:: Data for this task ::
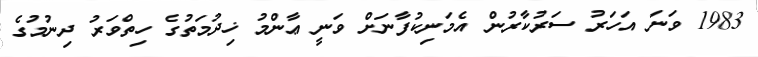
1983 ވަނަ އަހަރު ސަރުކާރުން އެމަނިކުފާނަށް ވަނީ ޢާންމު ޚިދުމަތުގެ ހިތްވަރު ދިނުމުގެ
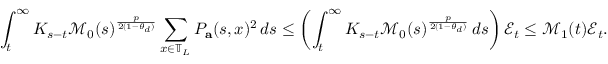
\int _ { t } ^ { \infty } K _ { s - t } \mathcal { M } _ { 0 } ( s ) ^ { \frac { p } { 2 ( 1 - \theta _ { d } ) } } \sum _ { x \in \mathbb { T } _ { L } } P _ { \mathbf { a } } ( s , x ) ^ { 2 } \, d s \leq \left( \int _ { t } ^ { \infty } K _ { s - t } \mathcal { M } _ { 0 } ( s ) ^ { \frac { p } { 2 ( 1 - \theta _ { d } ) } } \, d s \right) \mathcal { E } _ { t } \leq \mathcal { M } _ { 1 } ( t ) \mathcal { E } _ { t } .
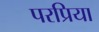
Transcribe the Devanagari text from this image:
परप्रिया
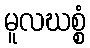
မူလဃစ္စံ
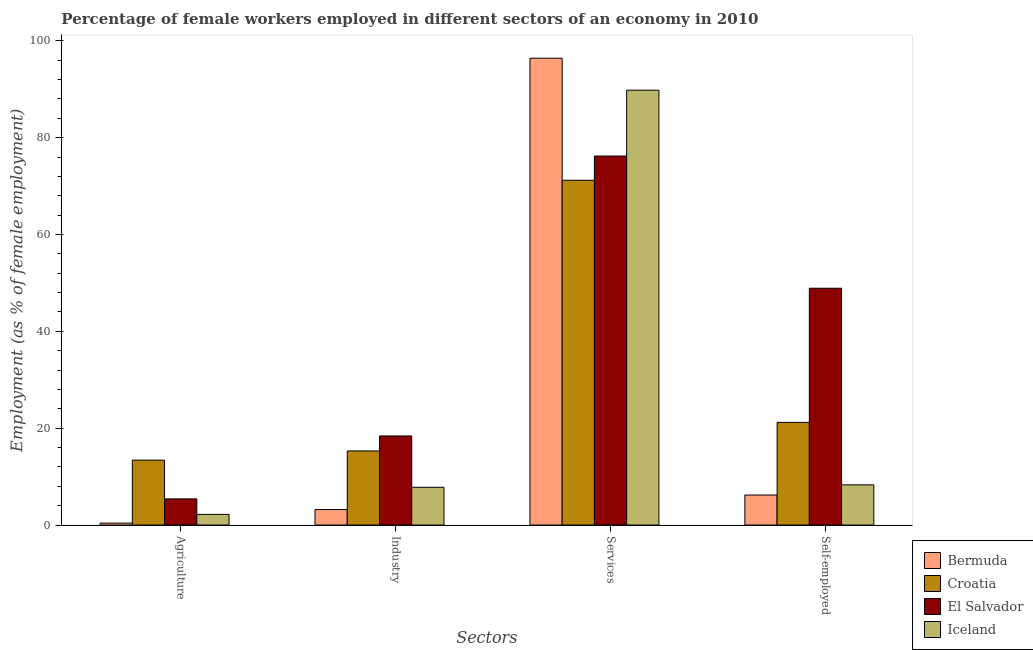
| Sectors | Bermuda | Croatia | El Salvador | Iceland |
 | --- | --- | --- | --- | --- |
 | Agriculture | 0.4 | 13.4 | 5.4 | 2.2 |
 | Industry | 3.2 | 15.3 | 18.4 | 7.8 |
 | Services | 96.4 | 71.2 | 76.2 | 89.8 |
 | Self-employed | 6.2 | 21.2 | 48.9 | 8.3 |
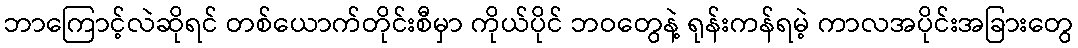
ဘာကြောင့်လဲဆိုရင် တစ်ယောက်တိုင်းစီမှာ ကိုယ်ပိုင် ဘဝတွေနဲ့ ရုန်းကန်ရမဲ့ ကာလအပိုင်းအခြားတွေ
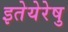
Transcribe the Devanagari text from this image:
इतेयेरेषु
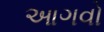
આગવો
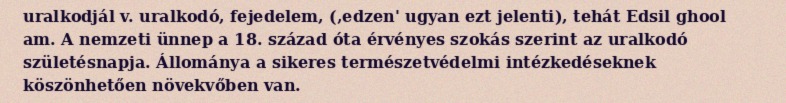
uralkodjál v. uralkodó, fejedelem, (‚edzen' ugyan ezt jelenti), tehát Edsil ghool am. A nemzeti ünnep a 18. század óta érvényes szokás szerint az uralkodó születésnapja. Állománya a sikeres természetvédelmi intézkedéseknek köszönhetően növekvőben van.
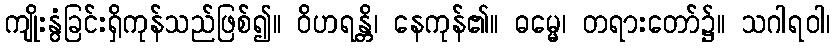
ကျိုးနွံခြင်းရှိကုန်သည်ဖြစ်၍။ ဝိဟရန္တိ၊ နေကုန်၏။ ဓမ္မေ၊ တရားတော်၌။ သဂါရဝါ၊
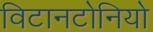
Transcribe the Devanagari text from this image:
विटानटोनियो
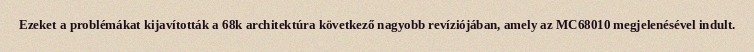
Ezeket a problémákat kijavították a 68k architektúra következő nagyobb revíziójában, amely az MC68010 megjelenésével indult.
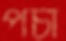
পঁচা
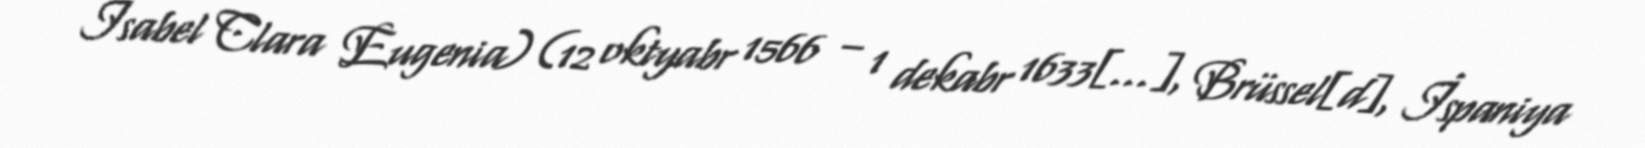
Isabel Clara Eugenia) (12 oktyabr 1566 – 1 dekabr 1633[…], Brüssel[d], İspaniya
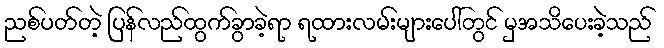
ညစ်ပတ်တဲ့ ပြန်လည်ထွက်ခွာခဲ့ရာ ရထားလမ်းများပေါ်တွင် မှအသိပေးခဲ့သည်
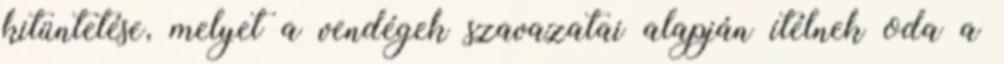
kitüntetése, melyet a vendégek szavazatai alapján ítélnek oda a
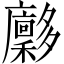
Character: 𪥀
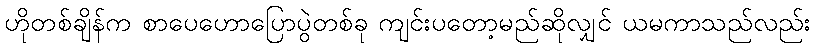
ဟိုတစ်ချိန်က စာပေဟောပြောပွဲတစ်ခု ကျင်းပတော့မည်ဆိုလျှင် ယမကာသည်လည်း
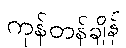
ကုန်တန်ချိန်
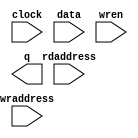
// megafunction wizard: %RAM: 2-PORT%VBB%
// GENERATION: STANDARD
// VERSION: WM1.0
// MODULE: altsyncram 

// ============================================================
// Megafunction Name(s):
// 			altsyncram
//
// Simulation Library Files(s):
// 			altera_mf
// ============================================================
// ************************************************************
// THIS IS A WIZARD-GENERATED FILE. DO NOT EDIT THIS FILE!
//
// 16.1.0 Build 196 10/24/2016 SJ Lite Edition
// ************************************************************

//Copyright (C) 2016  Intel Corporation. All rights reserved.
//Your use of Intel Corporation's design tools, logic functions 
//and other software and tools, and its AMPP partner logic 
//functions, and any output files from any of the foregoing 
//(including device programming or simulation files), and any 
//associated documentation or information are expressly subject 
//to the terms and conditions of the Intel Program License 
//Subscription Agreement, the Intel Quartus Prime License Agreement,
//the Intel MegaCore Function License Agreement, or other 
//applicable license agreement, including, without limitation, 
//that your use is for the sole purpose of programming logic 
//devices manufactured by Intel and sold by Intel or its 
//authorized distributors.  Please refer to the applicable 
//agreement for further details.

module ram480_64 (
	clock,
	data,
	rdaddress,
	wraddress,
	wren,
	q);

	input	  clock;
	input	[63:0]  data;
	input	[8:0]  rdaddress;
	input	[8:0]  wraddress;
	input	  wren;
	output	[63:0]  q;
`ifndef ALTERA_RESERVED_QIS
// synopsys translate_off
`endif
	tri1	  clock;
	tri0	  wren;
`ifndef ALTERA_RESERVED_QIS
// synopsys translate_on
`endif

endmodule

// ============================================================
// CNX file retrieval info
// ============================================================
// Retrieval info: PRIVATE: ADDRESSSTALL_A NUMERIC "0"
// Retrieval info: PRIVATE: ADDRESSSTALL_B NUMERIC "0"
// Retrieval info: PRIVATE: BYTEENA_ACLR_A NUMERIC "0"
// Retrieval info: PRIVATE: BYTEENA_ACLR_B NUMERIC "0"
// Retrieval info: PRIVATE: BYTE_ENABLE_A NUMERIC "0"
// Retrieval info: PRIVATE: BYTE_ENABLE_B NUMERIC "0"
// Retrieval info: PRIVATE: BYTE_SIZE NUMERIC "8"
// Retrieval info: PRIVATE: BlankMemory NUMERIC "1"
// Retrieval info: PRIVATE: CLOCK_ENABLE_INPUT_A NUMERIC "0"
// Retrieval info: PRIVATE: CLOCK_ENABLE_INPUT_B NUMERIC "0"
// Retrieval info: PRIVATE: CLOCK_ENABLE_OUTPUT_A NUMERIC "0"
// Retrieval info: PRIVATE: CLOCK_ENABLE_OUTPUT_B NUMERIC "0"
// Retrieval info: PRIVATE: CLRdata NUMERIC "0"
// Retrieval info: PRIVATE: CLRq NUMERIC "0"
// Retrieval info: PRIVATE: CLRrdaddress NUMERIC "0"
// Retrieval info: PRIVATE: CLRrren NUMERIC "0"
// Retrieval info: PRIVATE: CLRwraddress NUMERIC "0"
// Retrieval info: PRIVATE: CLRwren NUMERIC "0"
// Retrieval info: PRIVATE: Clock NUMERIC "0"
// Retrieval info: PRIVATE: Clock_A NUMERIC "0"
// Retrieval info: PRIVATE: Clock_B NUMERIC "0"
// Retrieval info: PRIVATE: IMPLEMENT_IN_LES NUMERIC "0"
// Retrieval info: PRIVATE: INDATA_ACLR_B NUMERIC "0"
// Retrieval info: PRIVATE: INDATA_REG_B NUMERIC "0"
// Retrieval info: PRIVATE: INIT_FILE_LAYOUT STRING "PORT_B"
// Retrieval info: PRIVATE: INIT_TO_SIM_X NUMERIC "0"
// Retrieval info: PRIVATE: INTENDED_DEVICE_FAMILY STRING "Cyclone IV E"
// Retrieval info: PRIVATE: JTAG_ENABLED NUMERIC "0"
// Retrieval info: PRIVATE: JTAG_ID STRING "NONE"
// Retrieval info: PRIVATE: MAXIMUM_DEPTH NUMERIC "0"
// Retrieval info: PRIVATE: MEMSIZE NUMERIC "32768"
// Retrieval info: PRIVATE: MEM_IN_BITS NUMERIC "0"
// Retrieval info: PRIVATE: MIFfilename STRING ""
// Retrieval info: PRIVATE: OPERATION_MODE NUMERIC "2"
// Retrieval info: PRIVATE: OUTDATA_ACLR_B NUMERIC "0"
// Retrieval info: PRIVATE: OUTDATA_REG_B NUMERIC "0"
// Retrieval info: PRIVATE: RAM_BLOCK_TYPE NUMERIC "0"
// Retrieval info: PRIVATE: READ_DURING_WRITE_MODE_MIXED_PORTS NUMERIC "2"
// Retrieval info: PRIVATE: READ_DURING_WRITE_MODE_PORT_A NUMERIC "3"
// Retrieval info: PRIVATE: READ_DURING_WRITE_MODE_PORT_B NUMERIC "3"
// Retrieval info: PRIVATE: REGdata NUMERIC "1"
// Retrieval info: PRIVATE: REGq NUMERIC "1"
// Retrieval info: PRIVATE: REGrdaddress NUMERIC "1"
// Retrieval info: PRIVATE: REGrren NUMERIC "1"
// Retrieval info: PRIVATE: REGwraddress NUMERIC "1"
// Retrieval info: PRIVATE: REGwren NUMERIC "1"
// Retrieval info: PRIVATE: SYNTH_WRAPPER_GEN_POSTFIX STRING "0"
// Retrieval info: PRIVATE: USE_DIFF_CLKEN NUMERIC "0"
// Retrieval info: PRIVATE: UseDPRAM NUMERIC "1"
// Retrieval info: PRIVATE: VarWidth NUMERIC "0"
// Retrieval info: PRIVATE: WIDTH_READ_A NUMERIC "64"
// Retrieval info: PRIVATE: WIDTH_READ_B NUMERIC "64"
// Retrieval info: PRIVATE: WIDTH_WRITE_A NUMERIC "64"
// Retrieval info: PRIVATE: WIDTH_WRITE_B NUMERIC "64"
// Retrieval info: PRIVATE: WRADDR_ACLR_B NUMERIC "0"
// Retrieval info: PRIVATE: WRADDR_REG_B NUMERIC "0"
// Retrieval info: PRIVATE: WRCTRL_ACLR_B NUMERIC "0"
// Retrieval info: PRIVATE: enable NUMERIC "0"
// Retrieval info: PRIVATE: rden NUMERIC "0"
// Retrieval info: LIBRARY: altera_mf altera_mf.altera_mf_components.all
// Retrieval info: CONSTANT: ADDRESS_ACLR_B STRING "NONE"
// Retrieval info: CONSTANT: ADDRESS_REG_B STRING "CLOCK0"
// Retrieval info: CONSTANT: CLOCK_ENABLE_INPUT_A STRING "BYPASS"
// Retrieval info: CONSTANT: CLOCK_ENABLE_INPUT_B STRING "BYPASS"
// Retrieval info: CONSTANT: CLOCK_ENABLE_OUTPUT_B STRING "BYPASS"
// Retrieval info: CONSTANT: INTENDED_DEVICE_FAMILY STRING "Cyclone IV E"
// Retrieval info: CONSTANT: LPM_TYPE STRING "altsyncram"
// Retrieval info: CONSTANT: NUMWORDS_A NUMERIC "512"
// Retrieval info: CONSTANT: NUMWORDS_B NUMERIC "512"
// Retrieval info: CONSTANT: OPERATION_MODE STRING "DUAL_PORT"
// Retrieval info: CONSTANT: OUTDATA_ACLR_B STRING "NONE"
// Retrieval info: CONSTANT: OUTDATA_REG_B STRING "UNREGISTERED"
// Retrieval info: CONSTANT: POWER_UP_UNINITIALIZED STRING "FALSE"
// Retrieval info: CONSTANT: READ_DURING_WRITE_MODE_MIXED_PORTS STRING "DONT_CARE"
// Retrieval info: CONSTANT: WIDTHAD_A NUMERIC "9"
// Retrieval info: CONSTANT: WIDTHAD_B NUMERIC "9"
// Retrieval info: CONSTANT: WIDTH_A NUMERIC "64"
// Retrieval info: CONSTANT: WIDTH_B NUMERIC "64"
// Retrieval info: CONSTANT: WIDTH_BYTEENA_A NUMERIC "1"
// Retrieval info: USED_PORT: clock 0 0 0 0 INPUT VCC "clock"
// Retrieval info: USED_PORT: data 0 0 64 0 INPUT NODEFVAL "data[63..0]"
// Retrieval info: USED_PORT: q 0 0 64 0 OUTPUT NODEFVAL "q[63..0]"
// Retrieval info: USED_PORT: rdaddress 0 0 9 0 INPUT NODEFVAL "rdaddress[8..0]"
// Retrieval info: USED_PORT: wraddress 0 0 9 0 INPUT NODEFVAL "wraddress[8..0]"
// Retrieval info: USED_PORT: wren 0 0 0 0 INPUT GND "wren"
// Retrieval info: CONNECT: @address_a 0 0 9 0 wraddress 0 0 9 0
// Retrieval info: CONNECT: @address_b 0 0 9 0 rdaddress 0 0 9 0
// Retrieval info: CONNECT: @clock0 0 0 0 0 clock 0 0 0 0
// Retrieval info: CONNECT: @data_a 0 0 64 0 data 0 0 64 0
// Retrieval info: CONNECT: @wren_a 0 0 0 0 wren 0 0 0 0
// Retrieval info: CONNECT: q 0 0 64 0 @q_b 0 0 64 0
// Retrieval info: GEN_FILE: TYPE_NORMAL ram480_64.v TRUE
// Retrieval info: GEN_FILE: TYPE_NORMAL ram480_64.inc FALSE
// Retrieval info: GEN_FILE: TYPE_NORMAL ram480_64.cmp FALSE
// Retrieval info: GEN_FILE: TYPE_NORMAL ram480_64.bsf FALSE
// Retrieval info: GEN_FILE: TYPE_NORMAL ram480_64_inst.v FALSE
// Retrieval info: GEN_FILE: TYPE_NORMAL ram480_64_bb.v TRUE
// Retrieval info: LIB_FILE: altera_mf
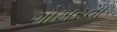
ગોખરવા
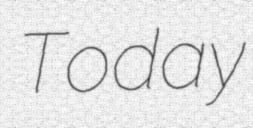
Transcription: Today
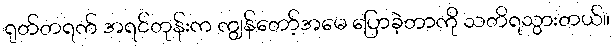
ရုတ်တရက် အရင်တုန်းက ကျွန်တော့်အမေ ပြောခဲ့တာကို သတိရသွားတယ်။
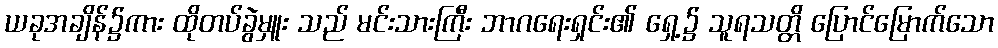
ယခုအချိန်၌ကား ထိုတပ်ခွဲမှူး သည် မင်းသားကြီး ဘာဂရေးရှင်း၏ ရှေ့၌ သူရသတ္တိ ပြောင်မြောက်သော
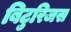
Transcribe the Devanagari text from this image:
बिटुरिजस
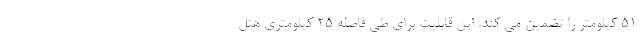
51 کیلومتر را تضمین می کند. این قابلیت برای طی فاصله 25 کیلومتری هتل
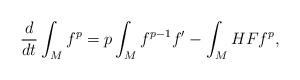
LaTeX: \begin{align*}\frac{d}{dt} \int_M f^p = p \int_M f^{p-1} f' - \int_M HF f^p,\end{align*}
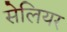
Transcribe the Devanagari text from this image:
सेलियर
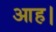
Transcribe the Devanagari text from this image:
आह।
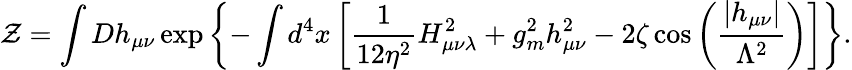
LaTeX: {\cal Z}=\int Dh_{\mu\nu}\exp\left\{ -\int d^{4}x\left[\frac{1}{12\eta^{2}}H_{\mu\nu\lambda}^{2}+g_{m}^{2}h_{\mu\nu}^{2}-2\zeta\cos\left(\frac{\left|h_{\mu\nu}\right|}{\Lambda^{2}}\right)\right]\right\} .
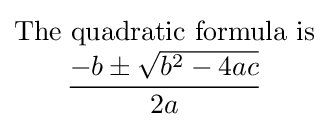
{\begin{matrix}{\text{The quadratic formula is}}\\\displaystyle {\frac {-b\pm {\sqrt {b^{2}-4ac}}}{2a}}\end{matrix}}
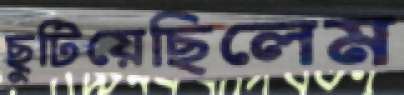
ছুটিয়েছিলেম
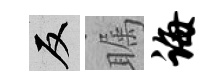
反瞩诲
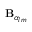
\mathbf { B } _ { \alpha _ { l m } }
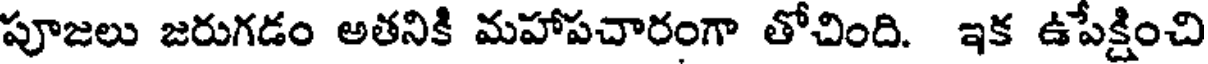
పూజలు జరుగడం అతనికి మహాపచారంగా తోచింది. ఇక ఉపేక్షించి
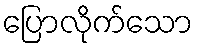
ပြောလိုက်သော
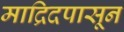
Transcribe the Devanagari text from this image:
माद्रिदपासून
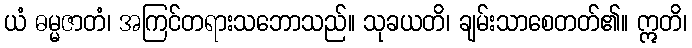
ယံ ဓမ္မဇာတံ၊ အကြင်တရားသဘောသည်။ သုခယတိ၊ ချမ်းသာစေတတ်၏။ ဣတိ၊
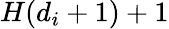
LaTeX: H(d_{i}+1)+1
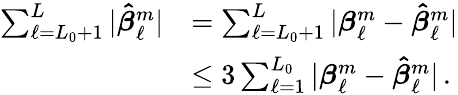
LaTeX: \begin{array}{rl}{\sum_{\ell=L_{0}+1}^{L}|\boldsymbol{\hat{\beta}}_{\ell}^{m}|}&{=\sum_{\ell=L_{0}+1}^{L}|\boldsymbol{\beta}_{\ell}^{m}-\boldsymbol{\hat{\beta}}_{\ell}^{m}|}\\ &{\leq 3\sum_{\ell=1}^{L_{0}}|\boldsymbol{\beta}_{\ell}^{m}-\boldsymbol{\hat{\beta}}_{\ell}^{m}|\, .}\end{array}
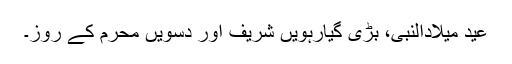
عید میلادالنبیؐ، بڑی گیارہویں شریف اور دسویں محرم کے روز۔
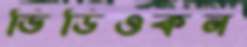
ভিডিওকন
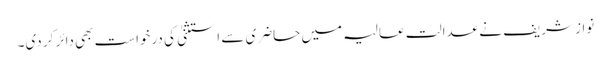
نواز شریف نے عدالت عالیہ میں حاضری سے استثنیٰ کی درخواست بھی دائر کر دی۔
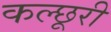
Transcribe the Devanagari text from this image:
कल्छूरी
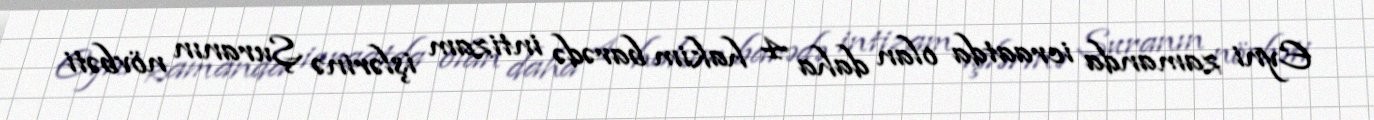
Eyni zamanda icraatda olan daha 4 hakim barədə intizam işlərinə Şuranın növbəti
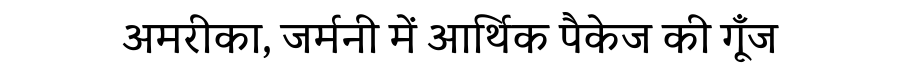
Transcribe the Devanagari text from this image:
अमरीका, जर्मनी में आर्थिक पैकेज की गूँज
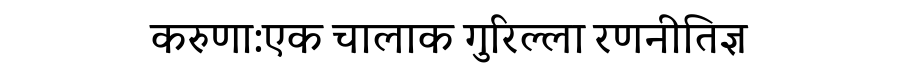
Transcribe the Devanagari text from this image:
करुणा:एक चालाक गुरिल्ला रणनीतिज्ञ
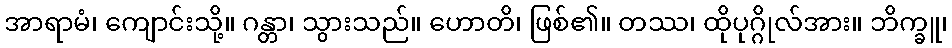
အာရာမံ၊ ကျောင်းသို့။ ဂန္တာ၊ သွားသည်။ ဟောတိ၊ ဖြစ်၏။ တဿ၊ ထိုပုဂ္ဂိုလ်အား။ ဘိက္ခူ၊
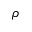
\rho
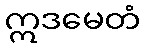
ဣဒမေတံ
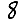
Digit: 8
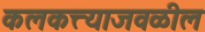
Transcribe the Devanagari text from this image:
कलकत्त्याजवळील
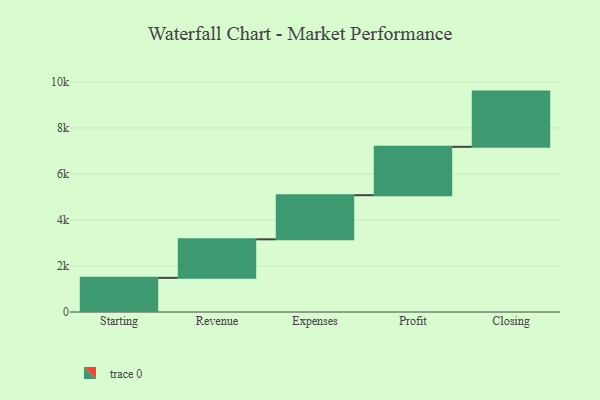
{"axis": {"x": "Step", "y": "Value"}, "legend": [""], "data": [{"x": "Starting", "y": 1484.0, "type": ""}, {"x": "Revenue", "y": 1675.0, "type": ""}, {"x": "Expenses", "y": 1917.0, "type": ""}, {"x": "Profit", "y": 2102.0, "type": ""}, {"x": "Closing", "y": 2400.0, "type": ""}]}
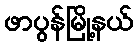
ဖာပွန်မြို့နယ်
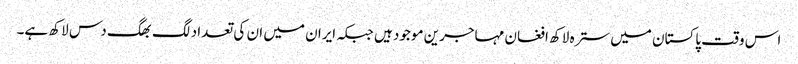
اس وقت پاکستان میں سترہ لاکھ افغان مہاجرین موجود ہیں جبکہ ایران میں ان کی تعداد لگ بھگ دس لاکھ ہے۔
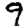
Digit: 9
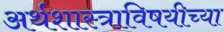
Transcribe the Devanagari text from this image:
अर्थशास्त्राविषयीच्या
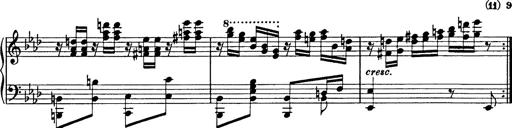
Title: 8 Variations
Composer: Franz Liszt
Key: A-flat major
:::
Work to complete
With no other words, state how many lines above hold the word "Cyclone".

Problem solution
2